UPDATE partman.part_config SET automatic_maintenance = 'off' WHERE parent_table = 'public.history';
[...]

This was the biggest problem that I had/still have. I imported the history without the --inserts command, and as a result, I've got all the data imported as history_default and history_uint_default. Those tables were so big, that I had to remove that data, and wait until they were vacuumed, and only then, I could run the first maintenance manually, and then set this back to automatic_maintenance.

Of course, this depends on how quickly you find out those permission problems. My case a week, which was a long period.

By the way, which is the recommended form of importing the old history data? For me, the COPY way was not successful.

Doctorbal commented 4 years ago

@mjtrangoni ,

Thanks for the details on your environment.

I'll go ahead and add your issue in the troubleshooting section although I don't necessary see this as a problem. You should, generally speaking not retain history table data longer than a few days as the zabbix build-in historical data mechanism then kicks in; aka trends!

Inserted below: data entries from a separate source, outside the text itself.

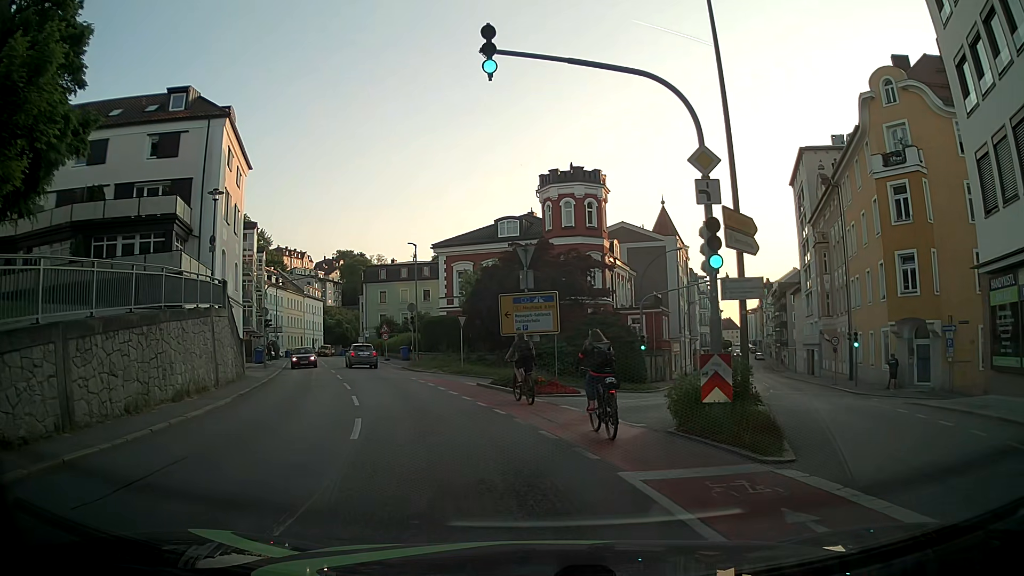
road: tertiary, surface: asphalt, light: Day
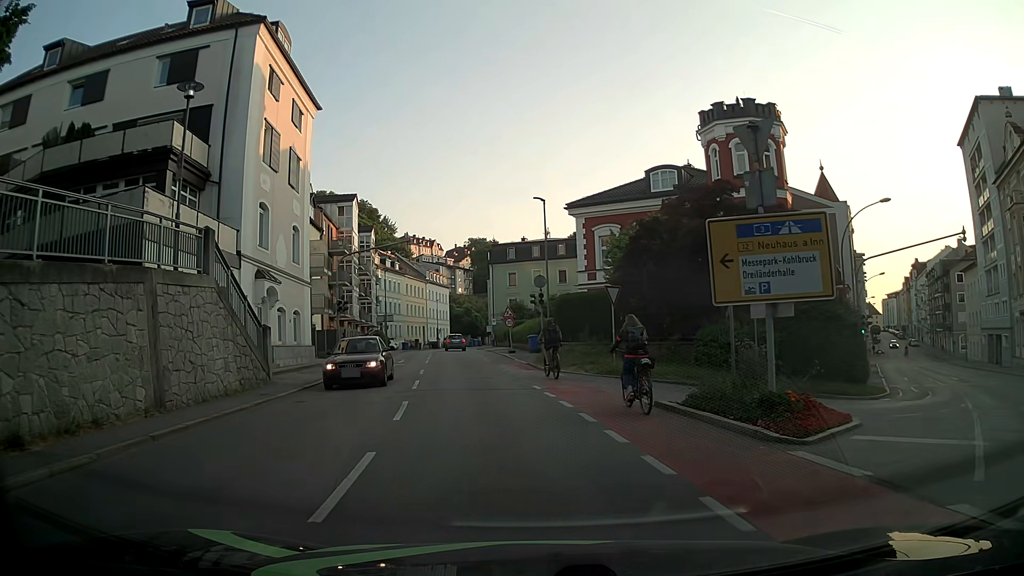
(-1.4, +11.7) m; -12°
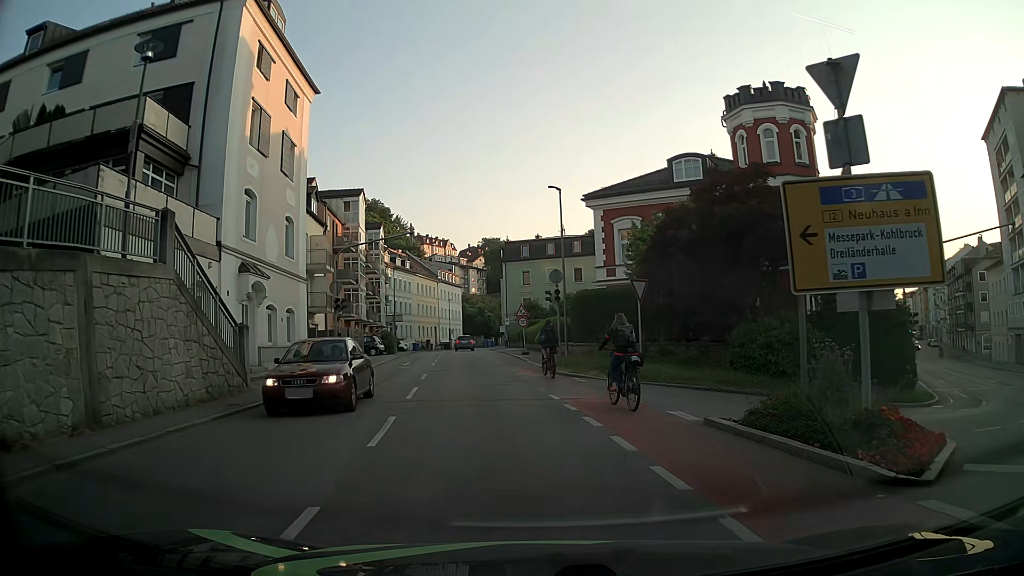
(0.0, +2.7) m; -1°

This is also suggested in the zabbix documentation. The history data (numeric float in this case) should be keep for the smallest possible number of days. I started using 7 days and find it plenty for my needs.

I would, for example, recommend to delete history data older than 14 days as a good starting point then tune your partitions as you see fit; there is no real need to store numeric (float) data longer than a few days as trends takes over. That way when you pg_dump and pg_restore the data it won't take a long time to filtrate into the appropriate partitions.

delete FROM history where age(to_timestamp(history.clock)) > interval '14 days';

How long do you want to retain old history data for? And why if longer than a few days?

I haven't had trouble using the COPY method on either the history* or trends* tables in my past experiences. I actually recommend that method, simply based on my past experience with it.

I will update the documentation with both options. I find the COPY method just fine for my use cases.

@mjtrangoni, please let me know if you have any more questions, otherwise I will go ahead and lose this issue.